Ob Brinkhaus selbst jemals Ambitionen über den Posten an der Spitze der Fraktion hinaus hatte, ist ungewiss. Für den Parteivorsitz hat er nie kandidiert. Als er im April 2021 angesichts des Streits zwischen Armin Laschet und Markus Söder als weiterer möglicher Kanzlerkandidat ins Gespräch gebracht wurde, hielt er sich bedeckt.

Beide in der gleichen Strömung

Die CDU ist keine Partei mit ausgesprochenen Flügeln, aber sie hat ihre Strömungen. Brinkhaus gehört zur Truppe der Wirtschaftspolitiker, der Freunde des deutschen Mittelstands, die gerade in der Bundestagsfraktion großes Gewicht haben. Einige sind betont konservativ, andere moderater, manche gehören zum Merkel-Lager.

Brinkhaus war immer ein Mann der Mitte im wichtigen Parlamentskreis Mittelstand. Merz gehört auch in diese Strömung, die beiden unterscheidet nicht gar so viel – Merz ist allenfalls der ausgeprägtere Marktwirtschaftler. Und Merz war eher der Mann von Wolfgang Schäuble, der grauen Eminenz dieser Gruppe in der Partei.

Was heute allerdings weitgehend vergessen ist: Es war Laschet, der Merz 2017 (acht Jahre nach seinem Ausscheiden aus dem Bundestag) wieder in einer politischen Aufgabe reaktivierte. Er machte ihn zum Beauftragten für die Folgen des Brexits und die transatlantischen Beziehungen, ein Seitenjob in der NRW-Landesregierung.

[Lesen Sie dazu bei Tagesspiegel Plus: Friedrich Merz und sein Gegenspieler]

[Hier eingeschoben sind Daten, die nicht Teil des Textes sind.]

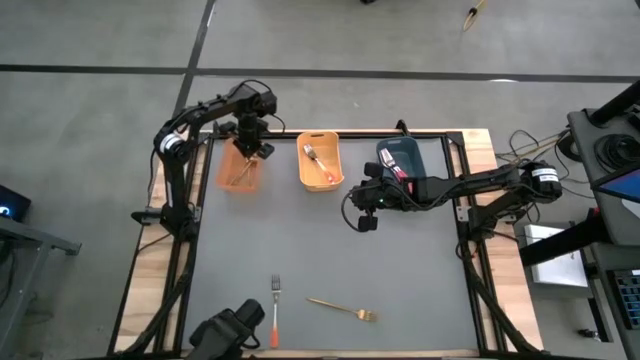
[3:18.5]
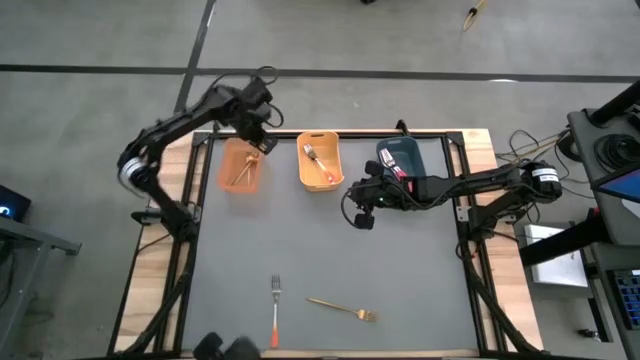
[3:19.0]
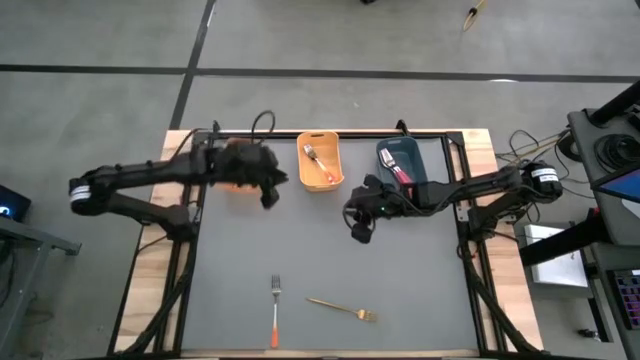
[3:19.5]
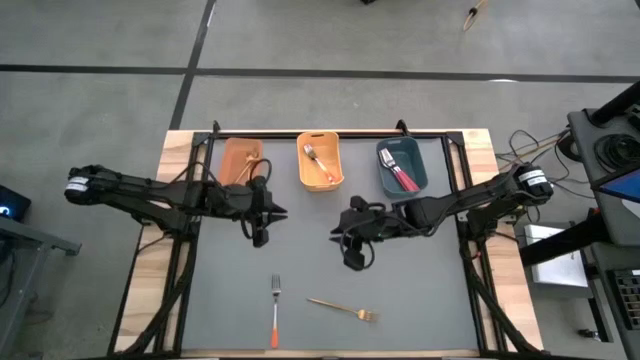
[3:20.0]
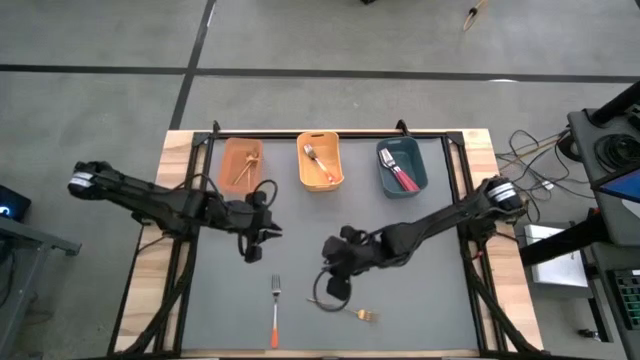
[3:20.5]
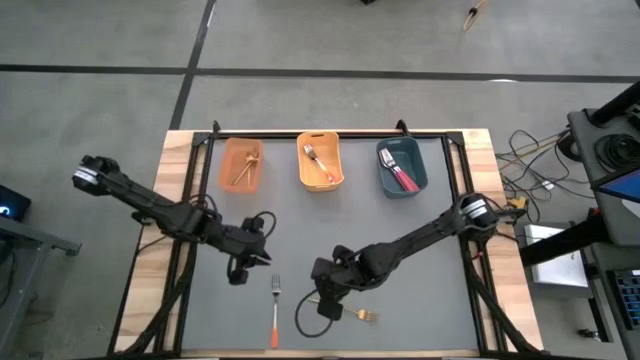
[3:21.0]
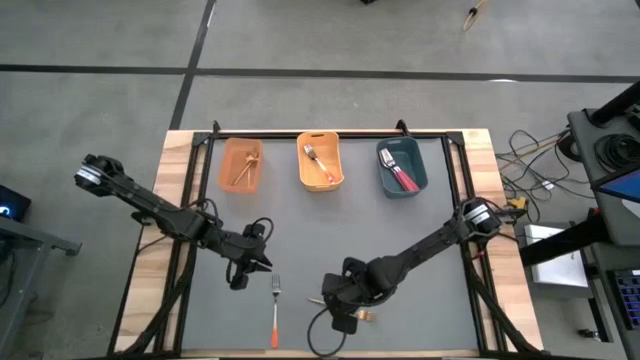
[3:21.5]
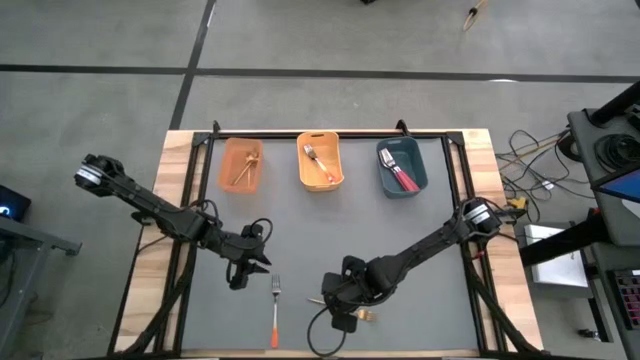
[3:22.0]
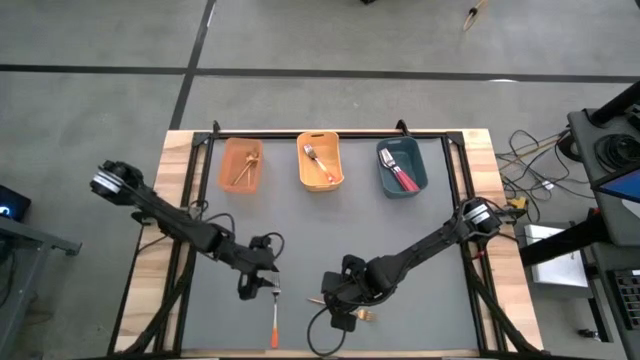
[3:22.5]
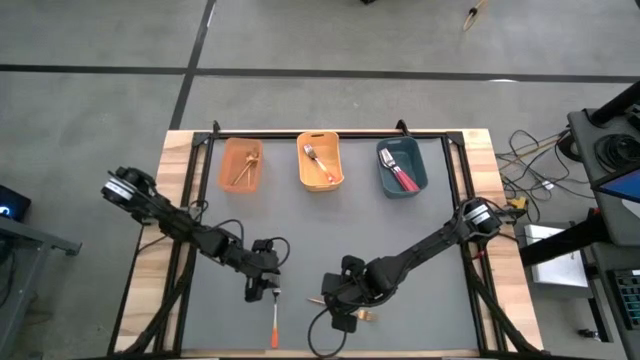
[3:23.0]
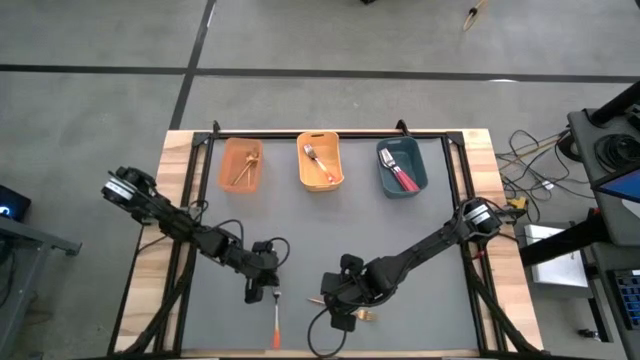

Die Tage von Brinkhaus an der Spitze der Fraktion waren gezählt, als Merz nun Parteivorsitzender wurde. In der Opposition ist es das Fraktionsamt, das in der Tagespolitik der wichtigere Posten ist. Selbst wenn Merz die nächste Kanzlerkandidatur der Unionsparteien jetzt noch gar nicht ins Auge fassen würde und tatsächlich erst einmal nur die Partei nach der krachenden Wahlniederlage von 2021 wieder aufrichten will – ohne die Aufmerksamkeit, die er als oberster Parlamentsredner und Widersacher des Kanzlers im Bundestag bekommt, würde das nicht gelingen.

"Kein persönlicher Dissens"

Brinkhaus ist nun der Einsicht gefolgt, dass Merz eine Kampfwahl in der Fraktion gewonnen hätte. So ist sein Brief vom Montag, in der er zwar unterschiedliche Auffassungen „bezüglich des Fraktionsvorsitzes zwischen Friedrich Merz und mir“ erwähnt, aber daraus keinen persönlichen Dissens ableitet, das Abschiedsschreiben einer etwas tragischen Figur. Denn letztlich war es Brinkhaus mit seiner mutigen Kandidatur in der Fraktion vor gut drei Jahren, der Merz den Weg bereitet hat.

Nun ist der Wegbereiter wieder in die zweite Reihe gerückt. Man wird sehen, ob und wie Merz es ihm danken wird. Brinkhaus werde ein wichtiges Mitglied der Fraktion bleiben, teilte er nach der Entscheidung mit. Er werde dessen "Fähigkeiten und seine Unterstützung gern in Anspruch nehmen". Am 15. Februar soll Merz zum neuen Fraktionschef gewählt werden.